How to sum the results of multiple buckets


#1

I have data like:

Name Update_Date Amount
AAA 2001-08-28T16:21:46 60
BBB 2001-08-27T06:11:52 50
CCC 2001-06-06T20:53:12 40
AAA 2001-08-28T19:33:21 30
BBB 2001-08-28T00:20:46 20
CCC 2001-08-30T23:55:51 10

I want to do a request to search for the row with earliest Update_date in each Name group, and sum up the Amount. The required output would be 60+50+40= 150.

I use aggs to divide data into three buckets and use top_hits to get the data with earliest Update_date in each group, but I can not sum up the Amount of three buckets.

Does anyone can help?


SUM top hit aggegration?
(Gordon Brown) #2

Unfortunately, I don't think there's a way to do this using the built-in aggregations. You can, however, get the behavior you want using a Scripted Metric aggregation, rather than a Top Hits aggregation.

First, let's ingest your example documents into Elasticsearch:

POST testindex/_doc/_bulk
{"index": {}}
{"name": "AAA", "date": "2001-08-28T16:21:46", "amount": 60}
{"index": {}}
{"name": "BBB", "date": "2001-08-27T06:11:52", "amount": 50}
{"index": {}}
{"name": "CCC", "date": "2001-06-06T20:53:12", "amount": 40}
{"index": {}}
{"name": "AAA", "date": "2001-08-28T19:33:21", "amount": 30}
{"index": {}}
{"name": "BBB", "date": "2001-08-28T00:20:46", "amount": 20}
{"index": {}}
{"name": "CCC", "date": "2001-08-30T23:55:51", "amount": 10}

Now, we'll use:

  1. A Terms aggregation to bucket by name, just like you did.
  2. Instead of Top Hits, a Scripted Metric aggregation to essentially do a min operation, but keep track of the associated amount value as well. Once we've found the minimum in each bucket by date, we'll return the amount associsated with that date.
  3. A Sum Bucket aggregation to find the overall total.

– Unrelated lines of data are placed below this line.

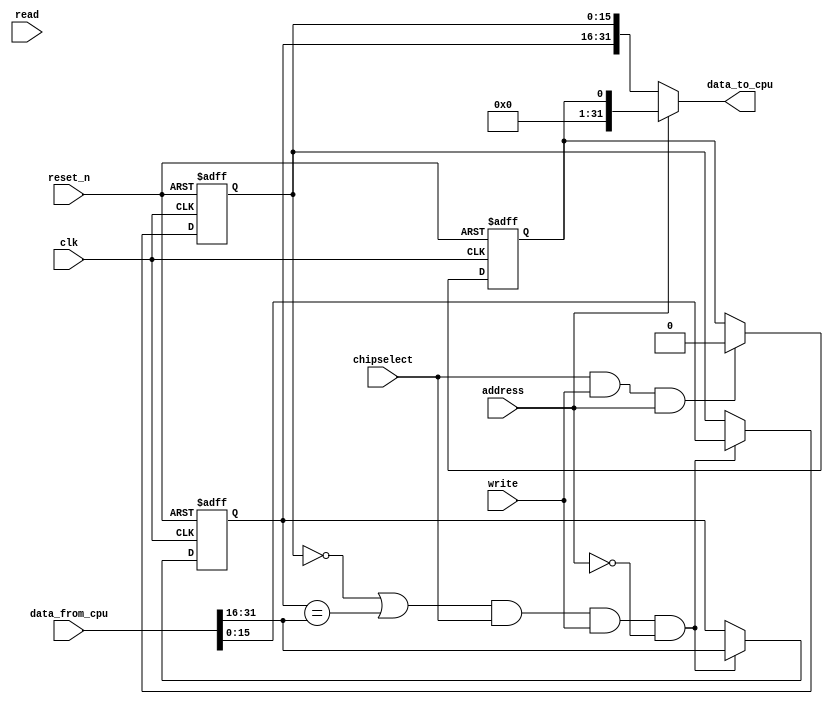
//Legal Notice: (C)2021 Altera Corporation. All rights reserved.  Your
//use of Altera Corporation's design tools, logic functions and other
//software and tools, and its AMPP partner logic functions, and any
//output files any of the foregoing (including device programming or
//simulation files), and any associated documentation or information are
//expressly subject to the terms and conditions of the Altera Program
//License Subscription Agreement or other applicable license agreement,
//including, without limitation, that your use is for the sole purpose
//of programming logic devices manufactured by Altera and sold by Altera
//or its authorized distributors.  Please refer to the applicable
//agreement for further details.

// synthesis translate_off
`timescale 1ns / 1ps
// synthesis translate_on

// turn off superfluous verilog processor warnings 
// altera message_level Level1 
// altera message_off 10034 10035 10036 10037 10230 10240 10030 

module Core2_mutex_0 (
                       // inputs:
                        address,
                        chipselect,
                        clk,
                        data_from_cpu,
                        read,
                        reset_n,
                        write,

                       // outputs:
                        data_to_cpu
                     )
;

  output  [ 31: 0] data_to_cpu;
  input            address;
  input            chipselect;
  input            clk;
  input   [ 31: 0] data_from_cpu;
  input            read;
  input            reset_n;
  input            write;

  wire    [ 31: 0] data_to_cpu;
  wire             mutex_free;
  reg     [ 15: 0] mutex_owner;
  wire             mutex_reg_enable;
  wire    [ 31: 0] mutex_state;
  reg     [ 15: 0] mutex_value;
  wire             owner_valid;
  reg              reset_reg;
  wire             reset_reg_enable;
  //s1, which is an e_avalon_slave
  //mutex_value, which is an e_register
  always @(posedge clk or negedge reset_n)
    begin
      if (reset_n == 0)
          mutex_value <= 0;
      else if (mutex_reg_enable)
          mutex_value <= data_from_cpu[15 : 0];
    end


  //mutex_owner, which is an e_register
  always @(posedge clk or negedge reset_n)
    begin
      if (reset_n == 0)
          mutex_owner <= 0;
      else if (mutex_reg_enable)
          mutex_owner <= data_from_cpu[31 : 16];
    end


  //reset_reg, which is an e_register
  always @(posedge clk or negedge reset_n)
    begin
      if (reset_n == 0)
          reset_reg <= 1'b1;
      else if (reset_reg_enable)
          reset_reg <= 1'b0;
    end


  assign mutex_free = mutex_value == 0;
  assign owner_valid = mutex_owner == data_from_cpu[31 : 16];
  assign mutex_reg_enable = (mutex_free | owner_valid) & chipselect & write & ~address;
  assign reset_reg_enable = chipselect & write & address;
  assign data_to_cpu = address ? reset_reg : mutex_state;
  assign mutex_state[15 : 0] = mutex_value;
  assign mutex_state[31 : 16] = mutex_owner;

endmodule
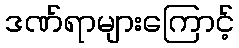
ဒဏ်ရာများကြောင့်
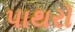
પાથરો
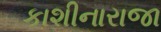
કાશીનારાજા

Here's the resulting query, which I've also uploaded as a Github Gist, which may be easier to read.

GET testindex/_search
{
  "size": 0,
  "aggs": {
    "names": {
      "terms": {
        "field": "name.keyword"
      },
      "aggs": {
        "oldest_amount": {
          "scripted_metric": {
            "map_script": """
              if (state.oldest_date == null 
                  || doc.date.value.isBefore(state.oldest_date)) {
                state.oldest_date = doc.date.value;
                state.amount = doc.amount.value;
              }""",
            "reduce_script": "return states.stream().min(Comparator.comparing(i->i.oldest_date)).map(i->i.amount).get()"
          }
        }
      }
    },
    "total_amount": {
      "sum_bucket": {
        "buckets_path": "names>oldest_amount.value"
      }
    }
  }
}

Note the query is in Kibana Console format, which converts strings inside triple quotes into normal, JSON single-line quotes automatically. If you want to use this via cURL or another standard HTTP client, you'll have to remove the newlines by hand, or copy this into Kibana and use the "Copy as cURL" functionality.

This will return a response similar to this, although I've left out all but the important parts for brevity:

{
  "aggregations": {
    "names": {
      "buckets": [
        {
          "key": "AAA",
          "oldest_amount": {
            "value": 60
          }
        },
        {
          "key": "BBB",
          "oldest_amount": {
            "value": 50
          }
        },
        {
          "key": "CCC",
          "oldest_amount": {
            "value": 40
          }
        }
      ]
    },
    "total_amount": {
      "value": 150
    }
  }
}

And the total sum is in aggregations.total_amount.value as we requested.


(system) #3

This topic was automatically closed 28 days after the last reply. New replies are no longer allowed.